----- STORED DATA -----

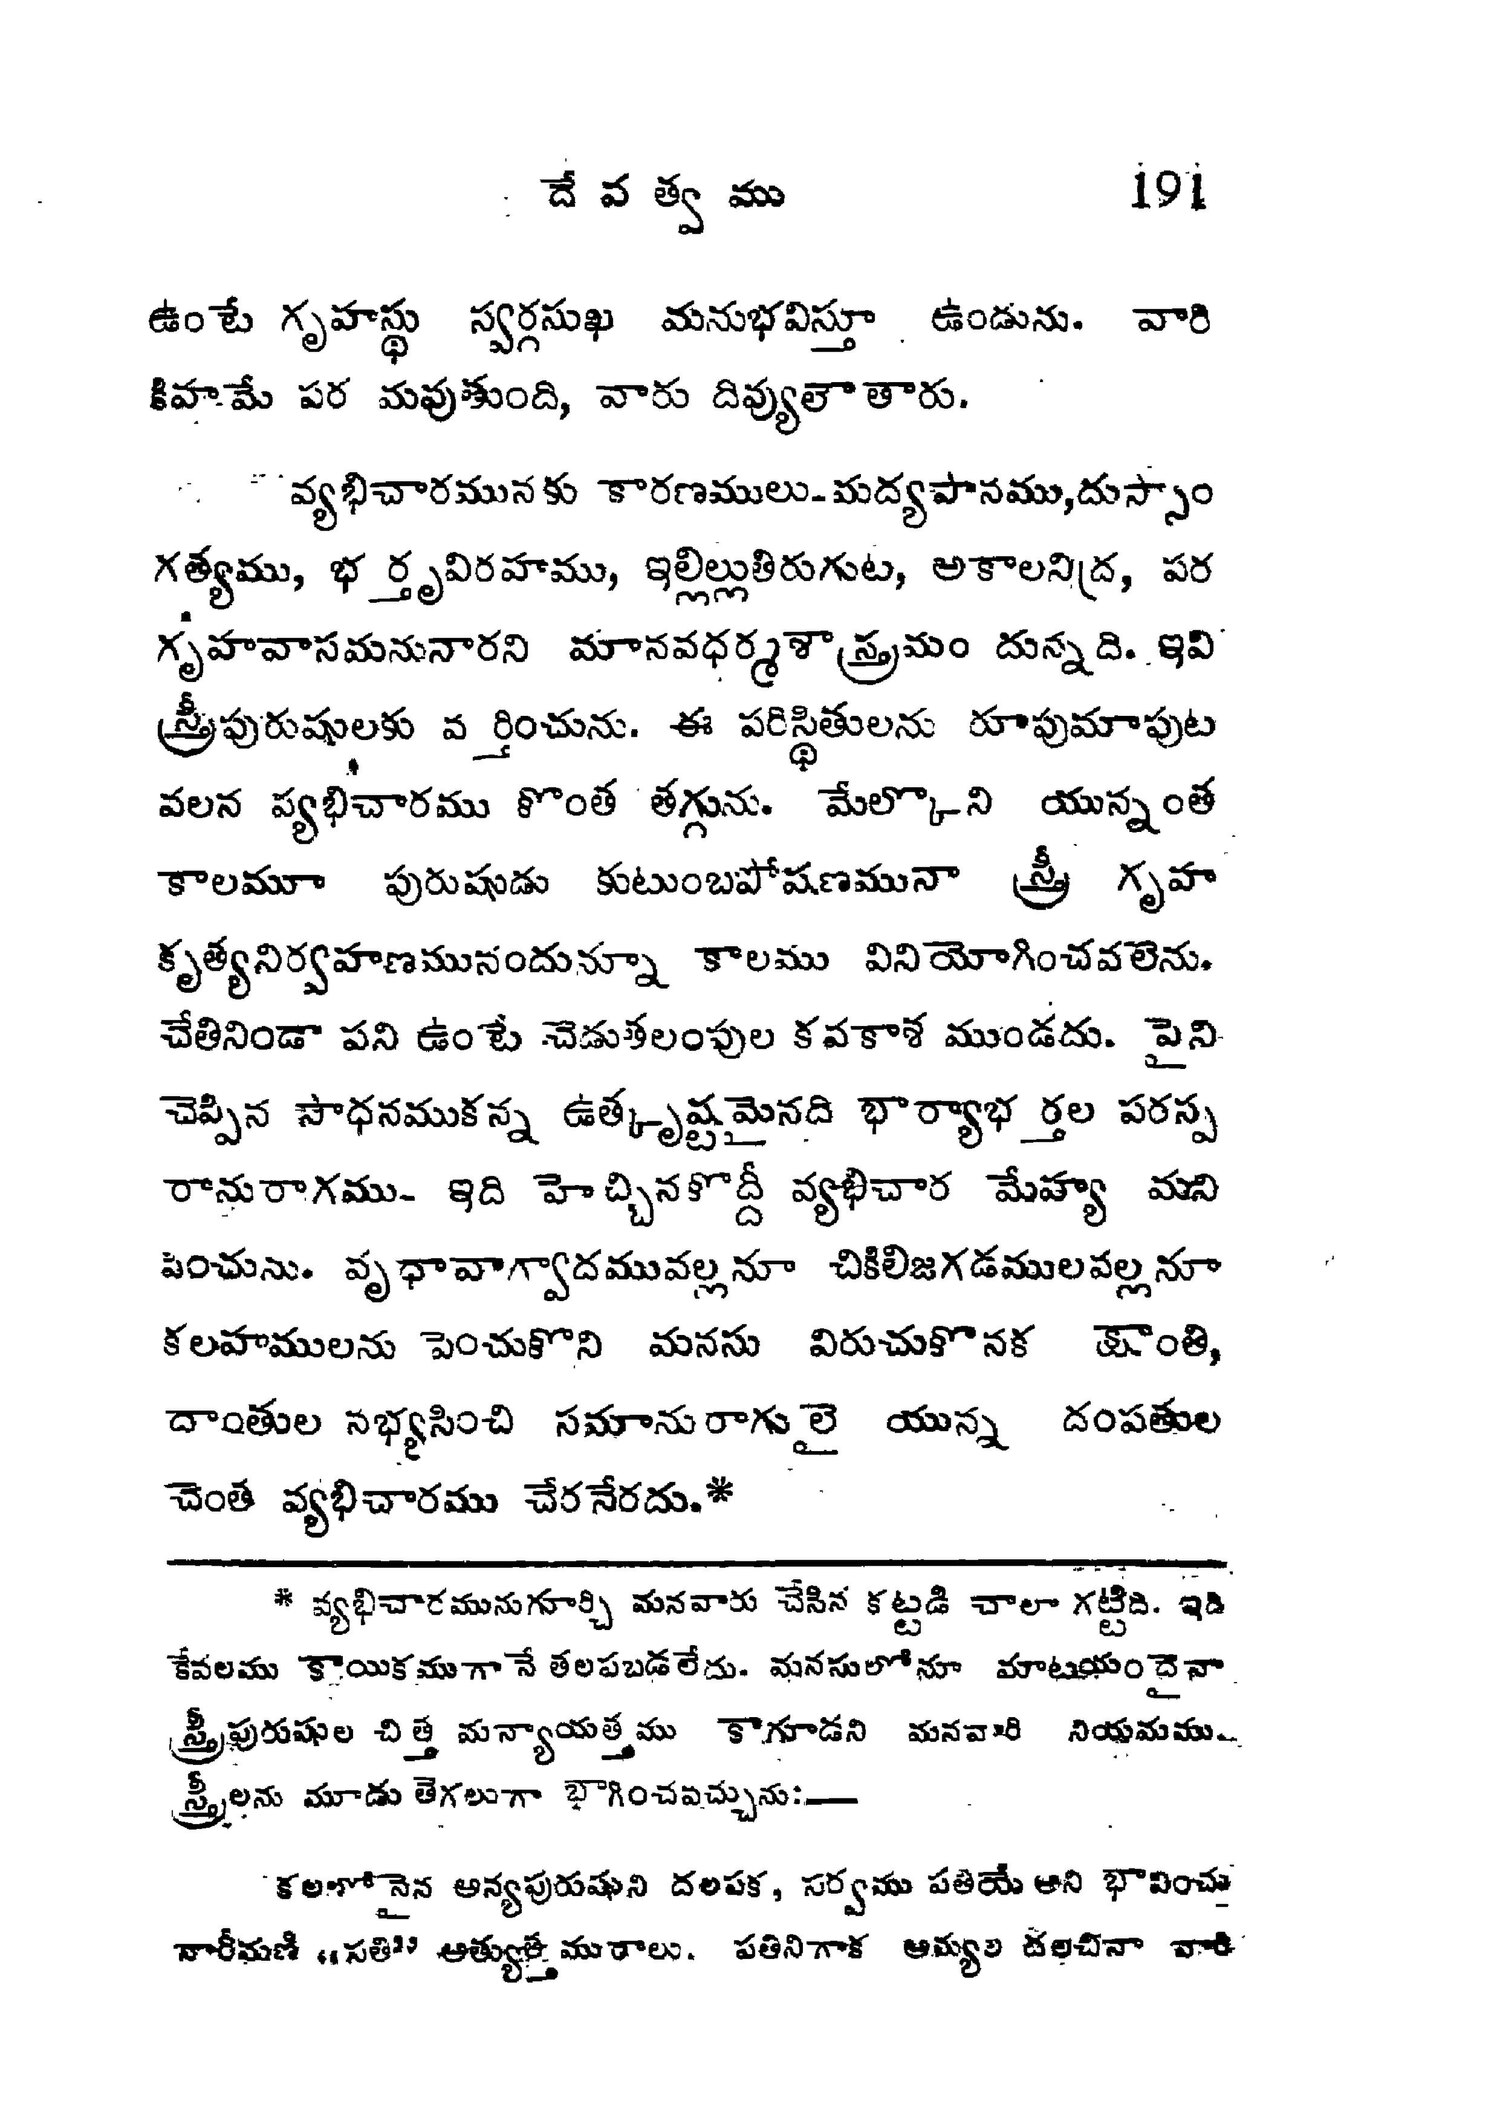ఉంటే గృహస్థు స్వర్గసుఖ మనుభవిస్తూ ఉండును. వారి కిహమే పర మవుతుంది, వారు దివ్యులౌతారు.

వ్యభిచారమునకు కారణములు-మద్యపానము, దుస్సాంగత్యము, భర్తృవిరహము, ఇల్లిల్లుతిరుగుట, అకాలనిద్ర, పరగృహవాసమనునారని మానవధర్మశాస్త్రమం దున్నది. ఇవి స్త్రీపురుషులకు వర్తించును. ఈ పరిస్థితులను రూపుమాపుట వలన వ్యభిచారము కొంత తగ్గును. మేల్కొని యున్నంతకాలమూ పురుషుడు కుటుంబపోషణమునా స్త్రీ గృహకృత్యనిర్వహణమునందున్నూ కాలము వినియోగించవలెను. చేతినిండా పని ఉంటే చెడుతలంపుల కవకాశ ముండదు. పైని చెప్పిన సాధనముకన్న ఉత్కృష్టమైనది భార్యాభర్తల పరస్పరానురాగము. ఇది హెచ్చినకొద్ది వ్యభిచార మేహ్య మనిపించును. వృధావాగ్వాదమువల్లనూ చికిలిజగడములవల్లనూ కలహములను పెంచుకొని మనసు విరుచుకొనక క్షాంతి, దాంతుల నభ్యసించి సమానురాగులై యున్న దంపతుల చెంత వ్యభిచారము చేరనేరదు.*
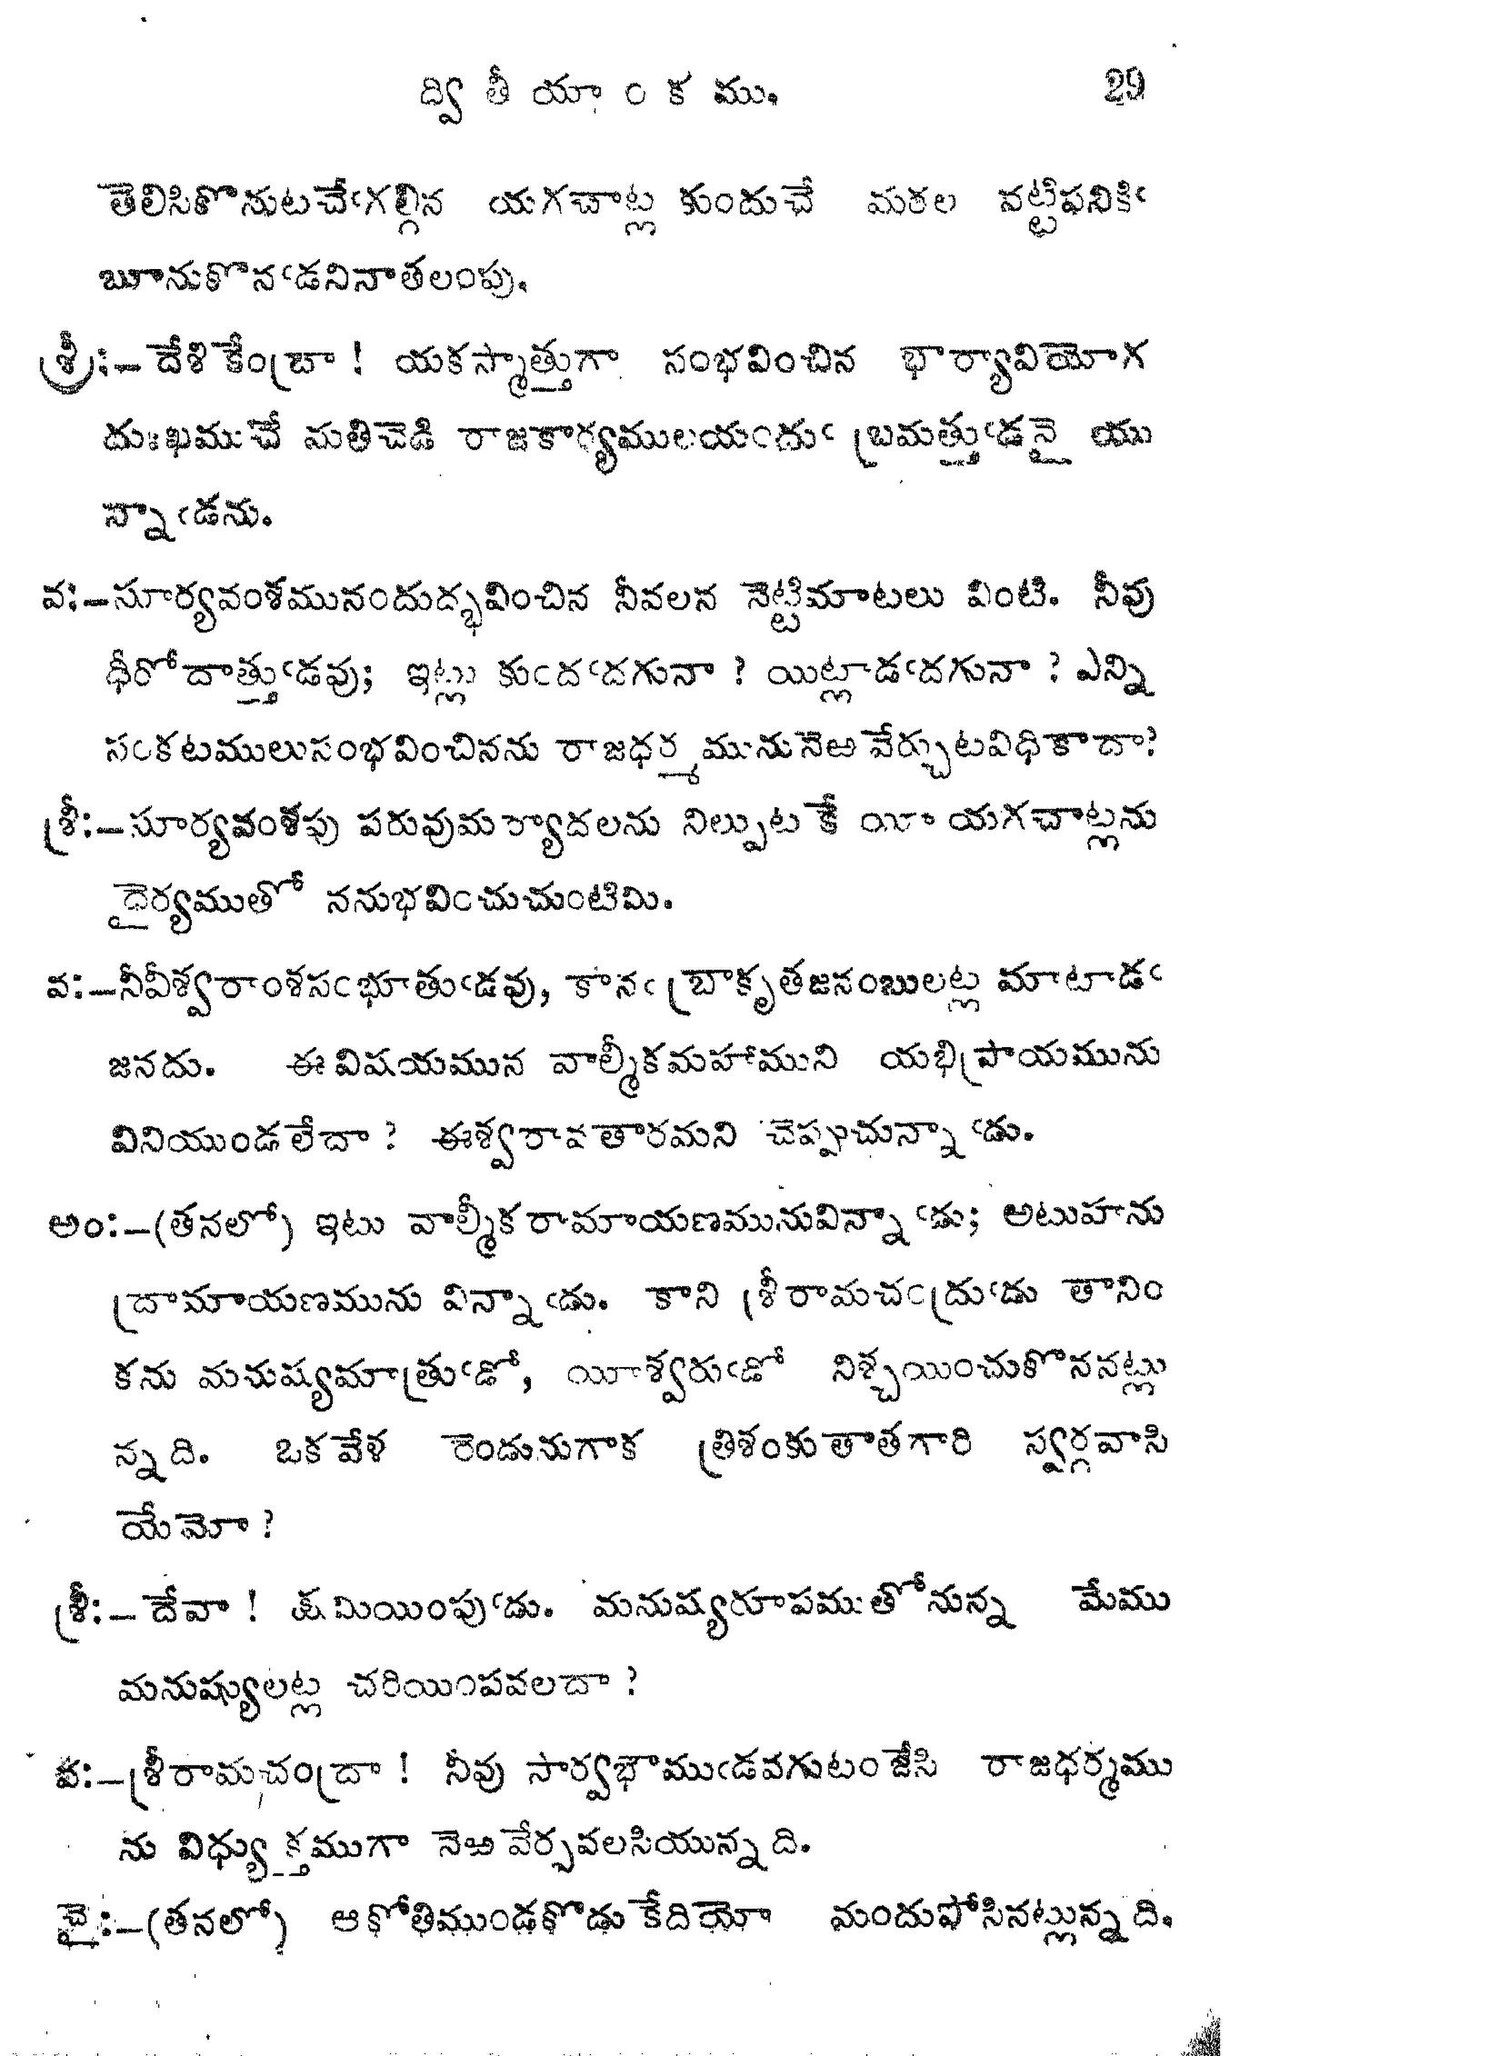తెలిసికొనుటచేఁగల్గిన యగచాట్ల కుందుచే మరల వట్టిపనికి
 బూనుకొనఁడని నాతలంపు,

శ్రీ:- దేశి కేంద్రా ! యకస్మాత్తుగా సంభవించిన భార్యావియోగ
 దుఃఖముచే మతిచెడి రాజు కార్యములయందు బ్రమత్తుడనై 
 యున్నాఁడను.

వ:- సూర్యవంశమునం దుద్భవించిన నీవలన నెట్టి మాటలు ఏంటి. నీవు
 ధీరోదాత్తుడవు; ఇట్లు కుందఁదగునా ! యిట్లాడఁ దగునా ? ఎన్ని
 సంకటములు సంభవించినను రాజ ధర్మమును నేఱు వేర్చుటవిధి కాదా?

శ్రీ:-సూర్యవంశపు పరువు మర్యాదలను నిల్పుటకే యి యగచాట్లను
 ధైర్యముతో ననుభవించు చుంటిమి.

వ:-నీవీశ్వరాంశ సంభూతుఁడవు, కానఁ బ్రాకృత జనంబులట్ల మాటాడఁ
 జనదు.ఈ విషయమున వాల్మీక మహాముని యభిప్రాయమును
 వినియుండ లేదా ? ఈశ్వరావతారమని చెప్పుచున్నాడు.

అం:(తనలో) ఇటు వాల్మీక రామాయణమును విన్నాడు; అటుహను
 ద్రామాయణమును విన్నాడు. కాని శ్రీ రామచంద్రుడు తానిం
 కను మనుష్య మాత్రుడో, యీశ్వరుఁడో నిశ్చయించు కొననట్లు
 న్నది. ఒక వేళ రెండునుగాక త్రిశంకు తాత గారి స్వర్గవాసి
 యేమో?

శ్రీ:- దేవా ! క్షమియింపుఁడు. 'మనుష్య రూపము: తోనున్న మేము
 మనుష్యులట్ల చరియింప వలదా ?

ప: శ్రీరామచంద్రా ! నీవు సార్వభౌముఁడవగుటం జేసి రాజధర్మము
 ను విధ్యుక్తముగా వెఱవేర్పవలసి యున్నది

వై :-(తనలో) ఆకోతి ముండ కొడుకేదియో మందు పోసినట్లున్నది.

-----

*WHAT TO WORK ON*
Each record, word for word, should be printed again without its pictures.

*EXERCISE SOLUTION*
ఉంటే గృహస్థు స్వర్గసుఖ మనుభవిస్తూ ఉండును. వారి కిహమే పర మవుతుంది, వారు దివ్యులౌతారు.

వ్యభిచారమునకు కారణములు-మద్యపానము, దుస్సాంగత్యము, భర్తృవిరహము, ఇల్లిల్లుతిరుగుట, అకాలనిద్ర, పరగృహవాసమనునారని మానవధర్మశాస్త్రమం దున్నది. ఇవి స్త్రీపురుషులకు వర్తించును. ఈ పరిస్థితులను రూపుమాపుట వలన వ్యభిచారము కొంత తగ్గును. మేల్కొని యున్నంతకాలమూ పురుషుడు కుటుంబపోషణమునా స్త్రీ గృహకృత్యనిర్వహణమునందున్నూ కాలము వినియోగించవలెను. చేతినిండా పని ఉంటే చెడుతలంపుల కవకాశ ముండదు. పైని చెప్పిన సాధనముకన్న ఉత్కృష్టమైనది భార్యాభర్తల పరస్పరానురాగము. ఇది హెచ్చినకొద్ది వ్యభిచార మేహ్య మనిపించును. వృధావాగ్వాదమువల్లనూ చికిలిజగడములవల్లనూ కలహములను పెంచుకొని మనసు విరుచుకొనక క్షాంతి, దాంతుల నభ్యసించి సమానురాగులై యున్న దంపతుల చెంత వ్యభిచారము చేరనేరదు.*
తెలిసికొనుటచేఁగల్గిన యగచాట్ల కుందుచే మరల వట్టిపనికి
 బూనుకొనఁడని నాతలంపు,

శ్రీ:- దేశి కేంద్రా ! యకస్మాత్తుగా సంభవించిన భార్యావియోగ
 దుఃఖముచే మతిచెడి రాజు కార్యములయందు బ్రమత్తుడనై 
 యున్నాఁడను.

వ:- సూర్యవంశమునం దుద్భవించిన నీవలన నెట్టి మాటలు ఏంటి. నీవు
 ధీరోదాత్తుడవు; ఇట్లు కుందఁదగునా ! యిట్లాడఁ దగునా ? ఎన్ని
 సంకటములు సంభవించినను రాజ ధర్మమును నేఱు వేర్చుటవిధి కాదా?

శ్రీ:-సూర్యవంశపు పరువు మర్యాదలను నిల్పుటకే యి యగచాట్లను
 ధైర్యముతో ననుభవించు చుంటిమి.

వ:-నీవీశ్వరాంశ సంభూతుఁడవు, కానఁ బ్రాకృత జనంబులట్ల మాటాడఁ
 జనదు.ఈ విషయమున వాల్మీక మహాముని యభిప్రాయమును
 వినియుండ లేదా ? ఈశ్వరావతారమని చెప్పుచున్నాడు.

అం:(తనలో) ఇటు వాల్మీక రామాయణమును విన్నాడు; అటుహను
 ద్రామాయణమును విన్నాడు. కాని శ్రీ రామచంద్రుడు తానిం
 కను మనుష్య మాత్రుడో, యీశ్వరుఁడో నిశ్చయించు కొననట్లు
 న్నది. ఒక వేళ రెండునుగాక త్రిశంకు తాత గారి స్వర్గవాసి
 యేమో?

శ్రీ:- దేవా ! క్షమియింపుఁడు. 'మనుష్య రూపము: తోనున్న మేము
 మనుష్యులట్ల చరియింప వలదా ?

ప: శ్రీరామచంద్రా ! నీవు సార్వభౌముఁడవగుటం జేసి రాజధర్మము
 ను విధ్యుక్తముగా వెఱవేర్పవలసి యున్నది

వై :-(తనలో) ఆకోతి ముండ కొడుకేదియో మందు పోసినట్లున్నది.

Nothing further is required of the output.